Quest: Query-Aware Sparsity for Efficient Long-Context LLM Inference (2406.10774v2)

Abstract: As the demand for long-context LLMs increases, models with context windows of up to 128K or 1M tokens are becoming increasingly prevalent. However, long-context LLM inference is challenging since the inference speed decreases significantly as the sequence length grows. This slowdown is primarily caused by loading a large KV cache during self-attention. Previous works have shown that a small portion of critical tokens will dominate the attention outcomes. However, we observe the criticality of a token highly depends on the query. To this end, we propose Quest, a query-aware KV cache selection algorithm. Quest keeps track of the minimal and maximal Key values in KV cache pages and estimates the criticality of a given page using Query vectors. By only loading the Top-K critical KV cache pages for attention, Quest significantly speeds up self-attention without sacrificing accuracy. We show that Quest can achieve up to 2.23x self-attention speedup, which reduces inference latency by 7.03x while performing well on tasks with long dependencies with negligible accuracy loss. Code is available at http://github.com/mit-han-lab/Quest .

Quest: Query-Aware Sparsity for Efficient Long-Context LLM Inference

The paper under review introduces "Quest," a novel approach designed to enhance the efficiency of long-context inference in LLMs by leveraging query-aware sparsity within self-attention mechanisms. As LLMs such as GPT-4 become capable of handling exceptionally long context windows ranging from 128K to 1M tokens, the computational burden of processing such extensive inputs in real-time becomes increasingly challenging. The primary source of inefficiency is identified as the loading of large key-value (KV) caches during the self-attention phase, which significantly contributes to inference latency.

Methodological Contributions

1. Query-Aware KV Cache Selection: Quest introduces an innovative algorithm that dynamically selects critical parts of the KV cache based on the current query. This approach deviates from traditional methods that apply a static or history-based selection criterion for KV cache entries. By estimating the criticality of cache pages through query vector interactions, Quest emphasizes a query-aware processing regime that effectively reduces the number of key-value pairs utilized during attention without compromising model accuracy.
2. Efficient Page-Based Management: The proposed method organizes KV caches at the granularity level of pages rather than individual key-value pairs. By maintaining minimum and maximum values for each feature dimension within these pages, Quest estimates the criticality score through interactions with the query vectors, thus allowing for a rapid determination of which segments of the cache significantly influence the self-attention output.
3. Performance Improvements: The paper presents compelling numerical evidence demonstrating Quest's efficacy. It achieves up to a 7.03x speedup in self-attention operations and a 2.23x reduction in end-to-end latency. The approach successfully handles tasks with long dependencies, maintaining a negligible loss in accuracy.

Experimental Evaluation

The research comprehensively evaluates Quest across multiple datasets, including PG19, passkey retrieval tasks, and LongBench benchmarks. Notable results illustrate that Quest outperforms existing KV cache eviction strategies such as H2O, TOVA, and StreamingLLM by ensuring superior recall rates and maintaining high accuracy across diverse and demanding long-context scenarios.

On practical implications, Quest significantly enhances self-attention efficiency by concentrating computational resources only on the most critical parts of the KV cache. This leads to substantial reductions in memory movement and improves overall throughput for inference tasks with extended sequences.

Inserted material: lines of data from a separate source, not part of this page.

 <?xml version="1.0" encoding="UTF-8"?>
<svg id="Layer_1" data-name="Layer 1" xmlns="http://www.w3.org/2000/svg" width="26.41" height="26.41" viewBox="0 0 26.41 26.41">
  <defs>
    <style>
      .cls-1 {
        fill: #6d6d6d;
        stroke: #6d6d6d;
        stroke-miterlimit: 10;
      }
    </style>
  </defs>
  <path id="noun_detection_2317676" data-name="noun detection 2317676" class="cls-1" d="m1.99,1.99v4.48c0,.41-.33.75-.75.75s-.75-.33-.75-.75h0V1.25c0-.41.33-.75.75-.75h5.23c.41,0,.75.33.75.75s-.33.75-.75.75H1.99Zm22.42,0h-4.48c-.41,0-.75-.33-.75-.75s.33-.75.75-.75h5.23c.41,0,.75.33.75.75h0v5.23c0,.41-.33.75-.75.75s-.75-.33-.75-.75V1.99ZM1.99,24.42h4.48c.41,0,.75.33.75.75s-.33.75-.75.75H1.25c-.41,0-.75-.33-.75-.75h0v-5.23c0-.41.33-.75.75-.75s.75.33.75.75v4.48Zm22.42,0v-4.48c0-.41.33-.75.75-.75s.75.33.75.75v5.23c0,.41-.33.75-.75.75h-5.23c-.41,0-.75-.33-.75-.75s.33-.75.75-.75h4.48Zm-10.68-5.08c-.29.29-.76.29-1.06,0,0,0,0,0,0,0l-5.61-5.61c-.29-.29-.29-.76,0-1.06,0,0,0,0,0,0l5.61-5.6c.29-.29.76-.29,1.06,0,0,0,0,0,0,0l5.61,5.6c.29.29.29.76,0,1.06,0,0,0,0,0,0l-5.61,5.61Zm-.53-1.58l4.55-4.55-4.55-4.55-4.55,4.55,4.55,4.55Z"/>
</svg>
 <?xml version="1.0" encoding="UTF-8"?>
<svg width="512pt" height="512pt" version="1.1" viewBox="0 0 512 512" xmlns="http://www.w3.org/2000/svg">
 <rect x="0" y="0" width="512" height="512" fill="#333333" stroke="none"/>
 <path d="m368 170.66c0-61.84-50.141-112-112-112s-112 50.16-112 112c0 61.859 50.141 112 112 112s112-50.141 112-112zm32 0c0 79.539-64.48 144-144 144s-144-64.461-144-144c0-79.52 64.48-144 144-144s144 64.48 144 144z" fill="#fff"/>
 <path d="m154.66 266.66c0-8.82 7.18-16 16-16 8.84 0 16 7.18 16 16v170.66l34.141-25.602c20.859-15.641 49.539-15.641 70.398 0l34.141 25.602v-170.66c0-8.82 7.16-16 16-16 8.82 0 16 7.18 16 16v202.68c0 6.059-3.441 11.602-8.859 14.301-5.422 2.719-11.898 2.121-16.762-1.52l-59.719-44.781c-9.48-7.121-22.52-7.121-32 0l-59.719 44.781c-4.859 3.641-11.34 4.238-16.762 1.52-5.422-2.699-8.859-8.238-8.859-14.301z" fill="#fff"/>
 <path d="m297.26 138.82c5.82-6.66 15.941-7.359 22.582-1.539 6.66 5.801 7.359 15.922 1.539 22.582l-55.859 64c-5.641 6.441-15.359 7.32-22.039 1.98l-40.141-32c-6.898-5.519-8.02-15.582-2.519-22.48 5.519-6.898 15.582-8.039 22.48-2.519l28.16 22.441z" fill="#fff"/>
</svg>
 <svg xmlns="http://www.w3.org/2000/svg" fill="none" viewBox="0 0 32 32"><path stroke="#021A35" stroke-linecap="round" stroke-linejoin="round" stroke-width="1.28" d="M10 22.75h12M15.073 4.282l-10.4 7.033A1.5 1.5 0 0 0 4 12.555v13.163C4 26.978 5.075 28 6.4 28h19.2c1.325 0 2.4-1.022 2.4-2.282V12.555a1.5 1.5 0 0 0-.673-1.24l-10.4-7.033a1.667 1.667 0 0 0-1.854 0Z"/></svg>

Implications and Future Directions

The introduction of Quest presents a potential paradigm shift in how long-context dependencies are managed in LLMs. By integrating a dynamic, query-aware selection process, Quest opens avenues to explore further optimizations in sparsity-aware algorithms and could inspire advancements in model design, particularly for commercial applications where latency and computational resource management are of paramount importance.

Future research directions may explore reducing the computational overhead involved in criticality estimation or further scaling the approach to accommodate the increasingly larger models and context lengths expected in forthcoming LLM iterations. Additionally, integrating Quest with other model efficiency techniques such as quantization could further optimize long-context model deployments.

In conclusion, Quest demonstrates a sophisticated and effective method for improving the inference efficiency of LLMs with long-context capabilities, offering promising insights for both theoretical and practical advancements in artificial intelligence.